Back when I lived in the Old Country, and attended a weekly critique group, when a crit went especially well, I would spend the ride home feeling as though I were flying. The same thing would happen when a once-upon-a-time friend and I would critique through snail mail. That this is why I am alive feeling, that isn’t followed by I’ll never do this or everybody else is better than me, but by mental self-fives and victory laps and a desire to do nothing else but get right back to that story as soon as humanly possible and go, go, go. That one. I had it again. Good feedback from N, who also has the start of a most excellent romance novel her own self, and it left me with that flying feeling, a good thing to have when I walked into a small domestic tornado, but no biggie. I got story going on here. Well, stories, but that’s not the important part.

The important part happened Monday afternoon, when I realized I’d missed a big opportunity to make Hero’s first appearance show who he was when the story started, and I had a ticking clock on how much time I had in which to fix that. Which is when the whole brain outlook thing shifts and forget everything else; I am fixing this scene clicks into place. The thing where the writer growls at family members who dare to interrupt, where “yes” or “no” both get substituted with “when I’m done with this scene.” Because, at that moment, the real world is that scene. I like when that happens.

Something else happened this week. When I checked yesterday’s mail, I found this literally on my doorstep:


That sound is my heart going pitty-pat, because Beatriz Williams is one of my all-time favorite authors, and this is an ARC of her newest trip back to the 1920s (and 90s,) The Wicked City. Double pitty-pat, because, along with the gorgeous period-perfect (these books are my historical verisimilitude goals) postcards, was a personal note:


I still haven’t decided if this is going in an art journal or in a frame on my office wall, but it’s inspiration in more ways than one. My very first exposure to the historical romance genre was Bertrice Small.

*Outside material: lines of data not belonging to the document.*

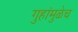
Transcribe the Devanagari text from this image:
गुहांमुळेच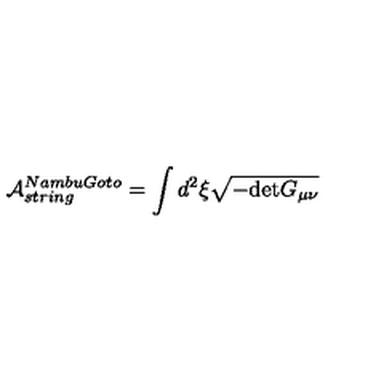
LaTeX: \mathcal { A } _ { s t r i n g } ^ { N a m b u G o t o } = \int d ^ { 2 } \xi \sqrt { - \mathrm { d e t } G _ { \mu \nu } }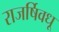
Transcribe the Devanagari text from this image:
राजर्षिवधू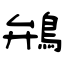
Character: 鴘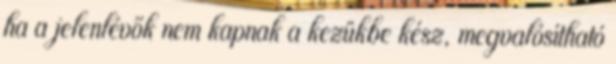
ha a jelenlévők nem kapnak a kezükbe kész, megvalósítható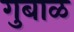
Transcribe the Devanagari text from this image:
गुबाळ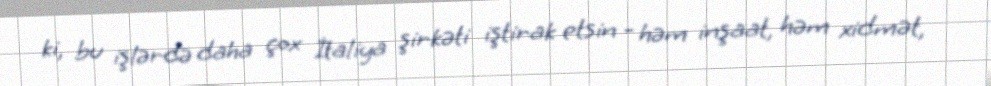
ki, bu işlərdə daha çox İtaliya şirkəti iştirak etsin - həm inşaat, həm xidmət,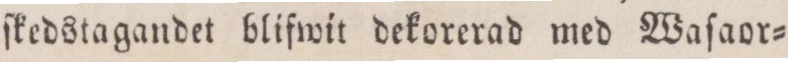
ſkedstagandet blifwit dekorerad med Waſaor=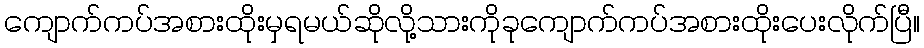
ကျောက်ကပ်အစားထိုးမှရမယ်ဆိုလို့သားကိုခုကျောက်ကပ်အစားထိုးပေးလိုက်ပြီ။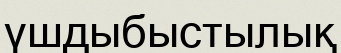
үшдыбыстылық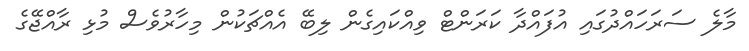
މާލެ ސަރަހައްދުގައި އުފައްދާ ކަރަންޓް ވިއްކައިގެން ލިބޭ އެއްޗަކުން މިހާރުވެސް މުޅި ރާއްޖޭގެ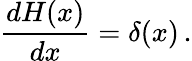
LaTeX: {\frac{dH(x)}{dx}}=\delta(x)\, .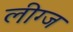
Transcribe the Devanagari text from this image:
लीग्ज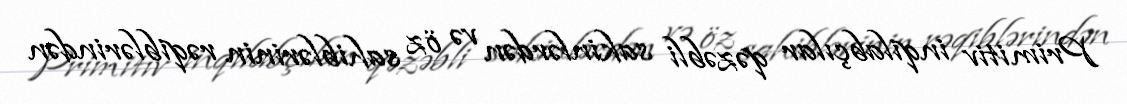
Primitiv inqilabçılar qəzəbli sakinlərdən və öz sahiblərinin rəqiblərindən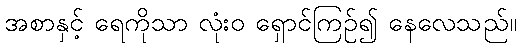
အစာနှင့် ရေကိုသာ လုံးဝ ရှောင်ကြဉ်၍ နေလေသည်။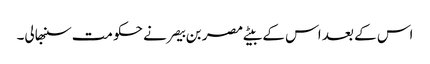
اس کے بعد اس کے بیٹے مصر بن بیصر نے حکومت سنبھالی۔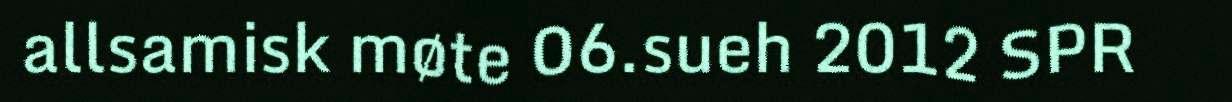
allsamisk møte 06.sueh 2012 SPR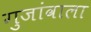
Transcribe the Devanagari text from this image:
गुजांवाला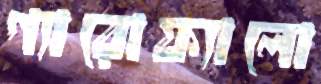
গ্যারোফ্যালো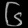
Digit: ၆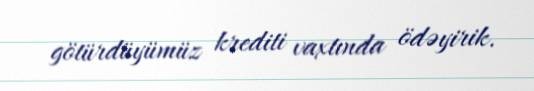
götürdüyümüz krediti vaxtında ödəyirik.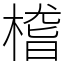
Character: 㮷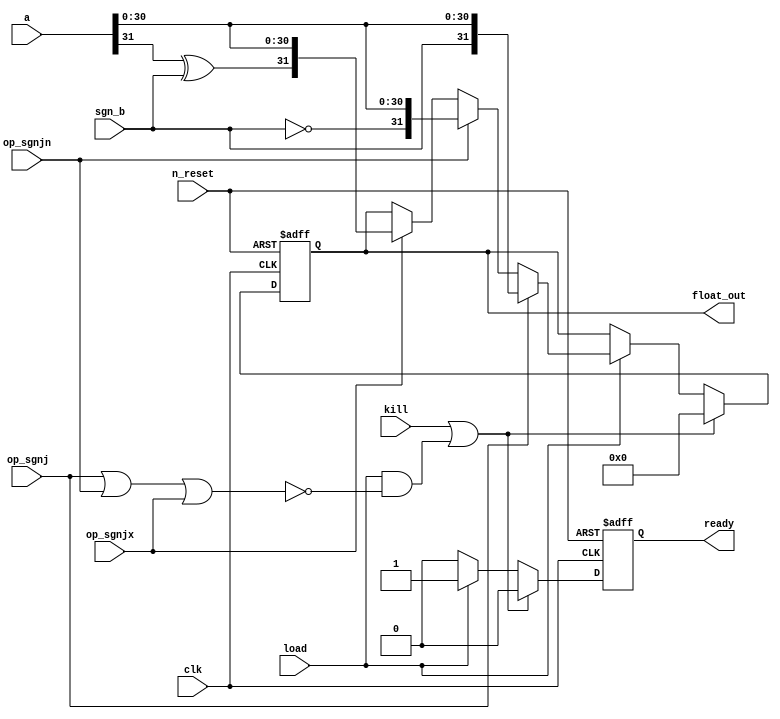
module airi5c_sign_modifier
(
    input               clk,
    input               n_reset,
    input               kill,
    input               load,
    
    input               op_sgnj,
    input               op_sgnjn,
    input               op_sgnjx,

    input   [31:0]      a,
    input               sgn_b,
    
    output  reg [31:0]  float_out,
    
    output  reg         ready
);
    
    wire    sgn_a;
    assign  sgn_a = a[31];

    always @(posedge clk, negedge n_reset) begin
        if (!n_reset) begin
            float_out   <= 32'h00000000;
            ready       <= 1'b0;
        end
        
        else if (kill || (load && !(op_sgnj || op_sgnjn || op_sgnjx))) begin
            float_out   <= 32'h00000000;
            ready       <= 1'b0;
        end
        
        else if (load) begin
            if (op_sgnj)
                float_out <= {sgn_b, a[30:0]};
            
            else if (op_sgnjn)
                float_out <= {!sgn_b, a[30:0]};
            
            else if (op_sgnjx)
                float_out <= {sgn_a ^ sgn_b, a[30:0]};
                
            ready   <= 1'b1;
        end
        
        else
            ready   <= 1'b0;
    end

endmodule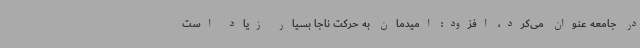
در جامعه عنوان می‌کرد، افزود: امیدمان به حرکت ناجا بسیار زیاد است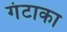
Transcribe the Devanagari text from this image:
गंटाका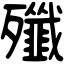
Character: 殲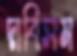
দাবিসম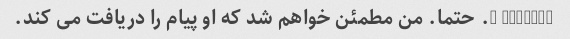
2781703 1. حتما. من مطمئن خواهم شد که او پیام را دریافت می کند.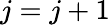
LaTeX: j=j+1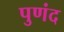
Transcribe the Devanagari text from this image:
पुणंद

Before her marriage to George Small, Bertrice Small was Bertrice Williams. I know there’s no connection. (Maybe Beatriz Williams read a Bertrice Small novel at some point; I don’t know. Maybe she hasn’t.)  Beatriz is a form of the name Beatrice (I am also a name nerd in addition to being a historical romance nerd; I have been collecting name books since I was eight) and Bertrice is a created name, to honor one of that esteemed lady’s beloved relatives. There’s not a connection, but there is, for me.

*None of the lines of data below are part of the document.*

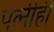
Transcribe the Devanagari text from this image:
पत्‍नीही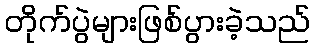
တိုက်ပွဲများဖြစ်ပွားခဲ့သည်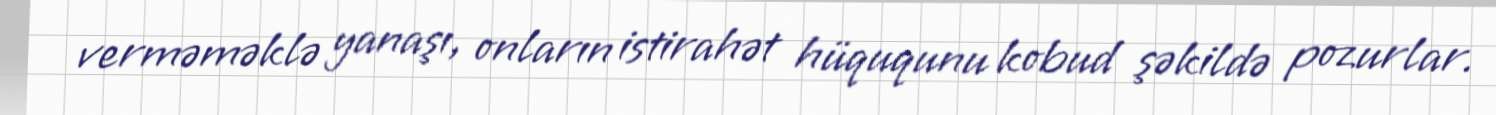
verməməklə yanaşı, onların istirahət hüququnu kobud şəkildə pozurlar.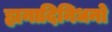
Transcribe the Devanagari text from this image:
ह्यनादिनिधनो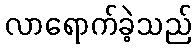
လာရောက်ခဲ့သည်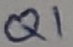
Text: Q1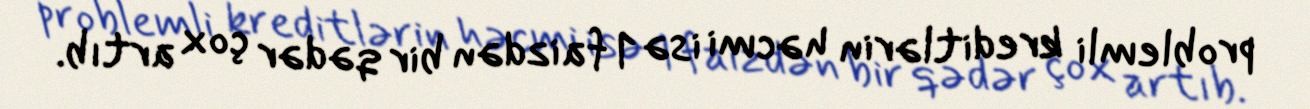
problemli kreditlərin həcmi isə 1 faizdən bir qədər çox artıb.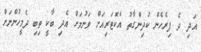
އަދި ދެ ފިރެހެން ކުދިންގާތު އެކޮޓަރިއަށް ވަނުމަށް އެދި ބާކީ ތިބި ދެމީހުންނަށް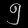
Digit: ၅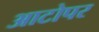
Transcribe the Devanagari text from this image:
आटोपर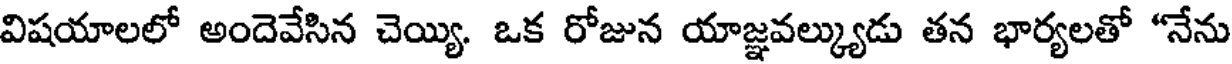
విషయాలలో అందెవేసిన చెయ్యి. ఒక రోజున యాజ్ఞవల్క్యుడు తన భార్యలతో "నేను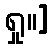
ရှု။]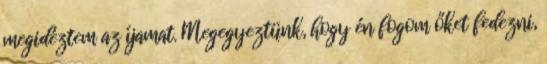
megidéztem az íjamat. Megegyeztünk, hogy én fogom őket fedezni,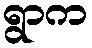
ရွာက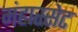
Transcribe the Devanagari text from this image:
मंहास्सेट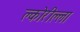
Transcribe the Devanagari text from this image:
क्लोरील्ला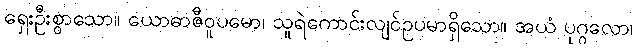
ရှေးဦးစွာသော။ ယောဓာဇီဝူပမော၊ သူရဲကောင်းလျင်ဥပမာရှိသော။ အယံ ပုဂ္ဂလော၊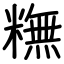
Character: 𥼣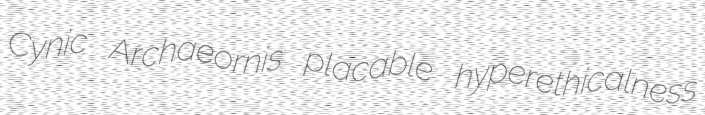
Cynic Archaeornis placable hyperethicalness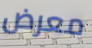
معرض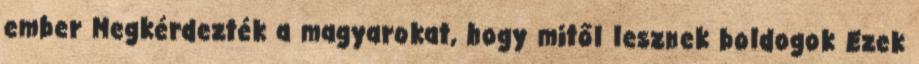
ember Megkérdezték a magyarokat, hogy mitől lesznek boldogok Ezek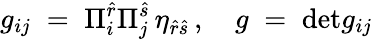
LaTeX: g_{ij}\; =\; \Pi_{i}^{\hat{r}}\Pi_{j}^{\hat{s}}\, \eta_{\hat{r}\hat{s}}\, ,\quad g\; =\; \mathrm{det}g_{ij}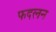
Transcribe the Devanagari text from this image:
फदलन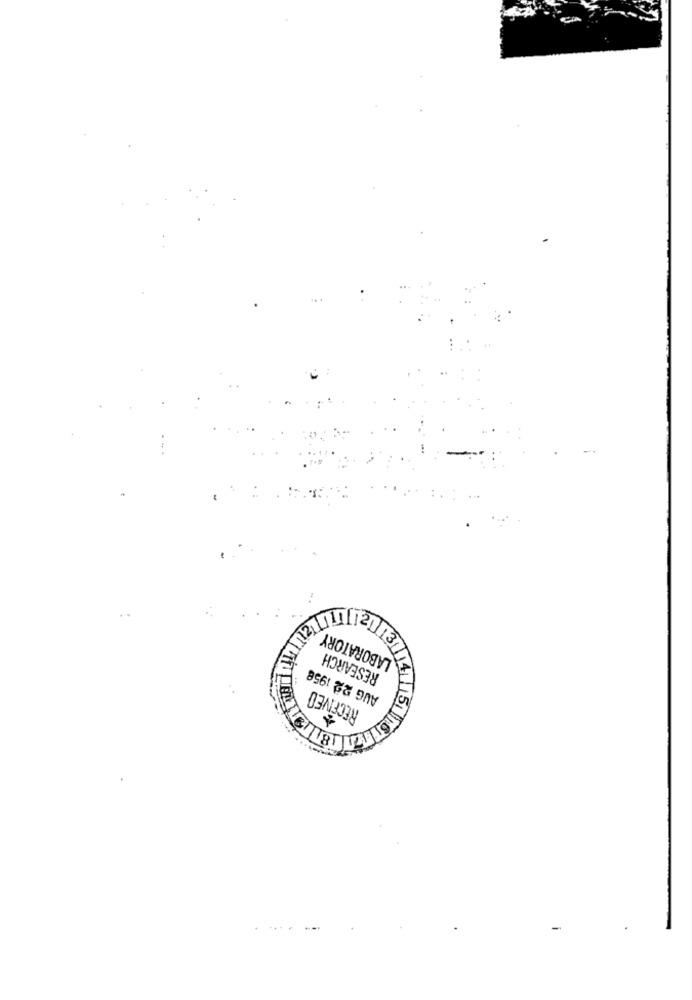
LABORATORY
RESEARCH
AUG 22 1958
RECEIVED
RIT18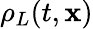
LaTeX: \rho_{L}(t,\mathbf{x})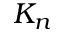
K _ { n }

Both women are authors whose storytelling and ability to make the historical eras in which they write feel as real and immediate as the modern day. They do/have done what I want to do, give readers an entire world, populated by people of its time, and make them feel the story in a real and visceral manner, rather than observe it from afar. Like I said, goals. The name nerd in me likes that the two names are similar, and having a personal note, well, that’s extra special. Pretty sure, now, that this baby is going on the wall, over my desk, so I can see it every day.

Three days into the new year, I have a system in place that lets me know what I’m doing and the time I have in which to accomplish it. I don’t have to write a whole book (and a half) at one time, only this one scene, and I have my list of things the scene has to do, right here at hand. So far, so good. Now for the next 362 days.